Each line of the data below that holds the word "shows" is to be reported in full.

Start of Block

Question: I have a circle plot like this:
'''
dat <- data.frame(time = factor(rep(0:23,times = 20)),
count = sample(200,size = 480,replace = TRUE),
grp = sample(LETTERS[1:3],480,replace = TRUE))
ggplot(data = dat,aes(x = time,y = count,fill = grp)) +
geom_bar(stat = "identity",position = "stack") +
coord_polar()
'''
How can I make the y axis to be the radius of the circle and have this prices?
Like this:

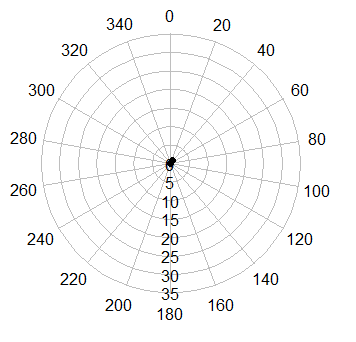
Answer: If you change 'geom_bar()' to 'geom_line()' and alter the 'aes()' call, you get the plot you want:
'''
# set up the plotting environment
require('ggplot2')
theme_bw(base_size = 8, base_family = "")
# now generate the plot
p <- ggplot(data = dat,
aes(x = time,
y = count,
color = grp)) +
geom_line() +
coord_polar()
print(p)
'''
Which gives you this:

It looks a little odd at the moment because your time data only includes hours. If you had decimal hours you might see more information.
The next step is fixing the axis labeling by figuring out good labels for a new one, setting the breaks on the y-axis, faking new tick labels using 'geom_text()' and killing the old label and ticks using 'theme()'.
'''
ybreaks <- pretty(x = data$count, n = 5)
p <- ggplot(data = data,
aes(x = time, y = count, color = grp)) +
geom_path() +
coord_polar() +
scale_y_continuous(breaks = ybreaks) +
geom_text(data = data.frame(x = 0, y = ybreaks, label = ybreaks),
aes(x = x, y = y, label = label),
inherit.aes = F,
size = 2) +
theme(axis.text.y = element_blank(),
axis.ticks.y = element_line(size = 0))
print(p)
'''
And now you have your plot:

The advantage of using 'pretty()' to set both the breaks and the labels on the y-axis is that your axis labeling changes automatically depending on the data that are plotted, and is aligned with the grid lines.
You have some fiddling around to do to get font sizes sorted out, but you are mostly there. For details of how to do this, maybe look at <URL>.
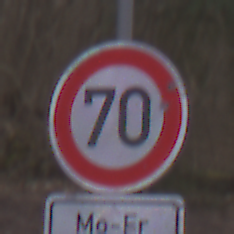
Verkehrszeichen: Geschwindigkeit70
Zusatzzeichen unten: ZeitangabenMitBeschraenkungAufWochentage2
Umgebung: Outdoor, Nature
Tageszeit: MorningAfternoon
Wetter: Overcast
Licht: Natural
Jahreszeit: Autumn
Kontrast: LowContrast
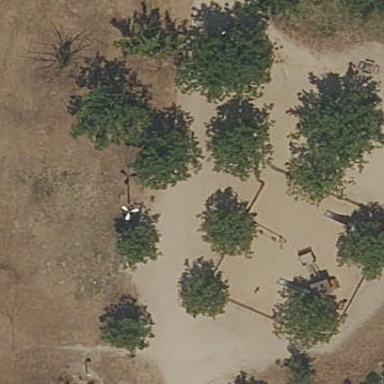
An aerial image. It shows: Playground area for leisure land.
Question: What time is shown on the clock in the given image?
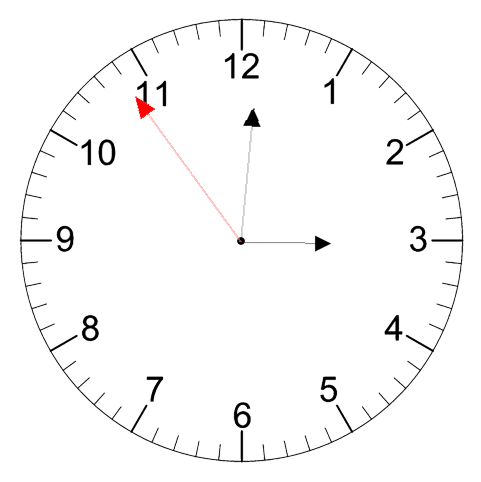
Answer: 03:00:54
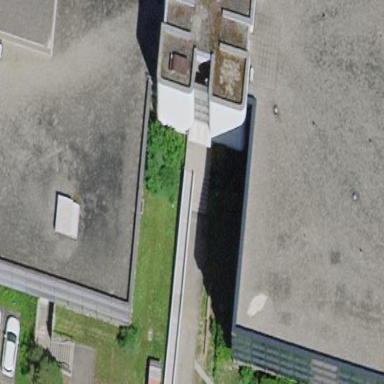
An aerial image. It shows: Manufacturing building.
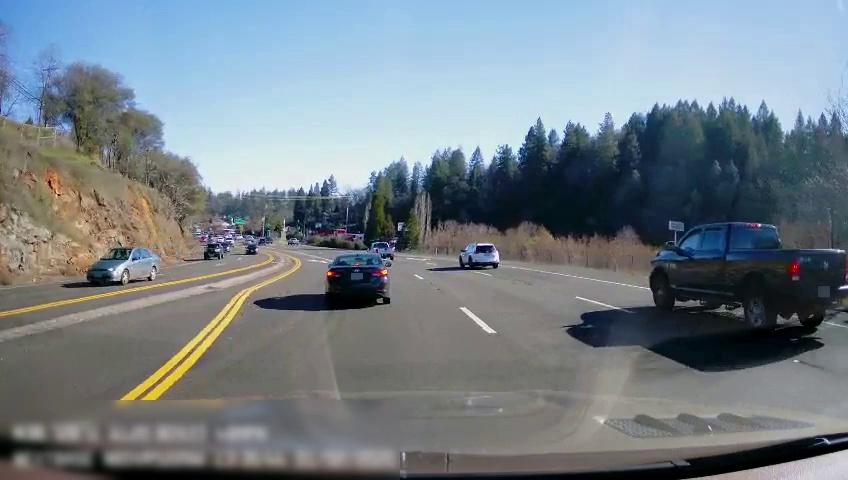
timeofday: Day
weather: Sunny
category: Drivable Space
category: Drivable Space
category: Vehicles | SUV
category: Vehicles | Truck
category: Vehicles | SUV
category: Vehicles | Car
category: Vehicles | Truck
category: Vehicles | SUV
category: Vehicles | Truck
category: Vehicles | Car
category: Vehicles | SUV
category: Lanes | Current Lane
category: Lanes | Current Lane
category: Lanes | Alternate Lane
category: Lanes | Alternate Lane
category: Lanes | Opposite Lane
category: Lanes | Alternate Lane
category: Traffic | Signs
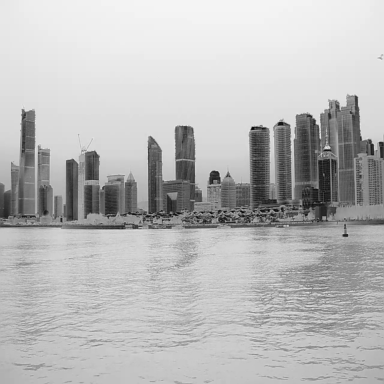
There are two canoes in the infrared image.
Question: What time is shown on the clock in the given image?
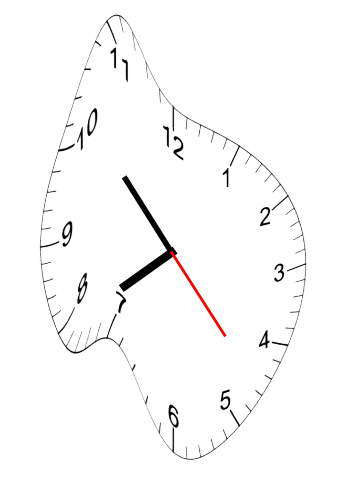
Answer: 07:52:23
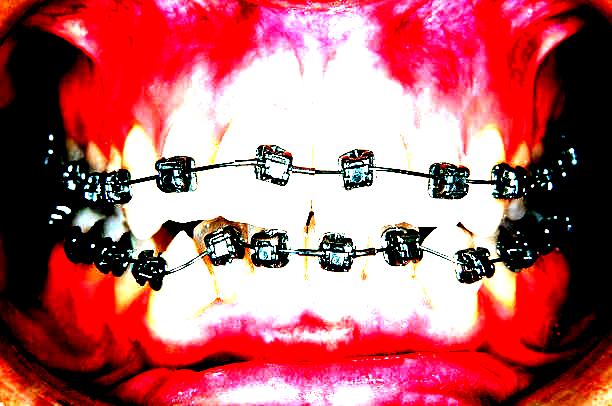
Condition: Gingivitis
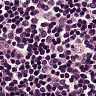
Metastatic tissue present: no

End of Block

▶ **SOLUTION FOR THIS PROBLEM**:
An aerial image. It shows: Playground area for leisure land.
An aerial image. It shows: Manufacturing building.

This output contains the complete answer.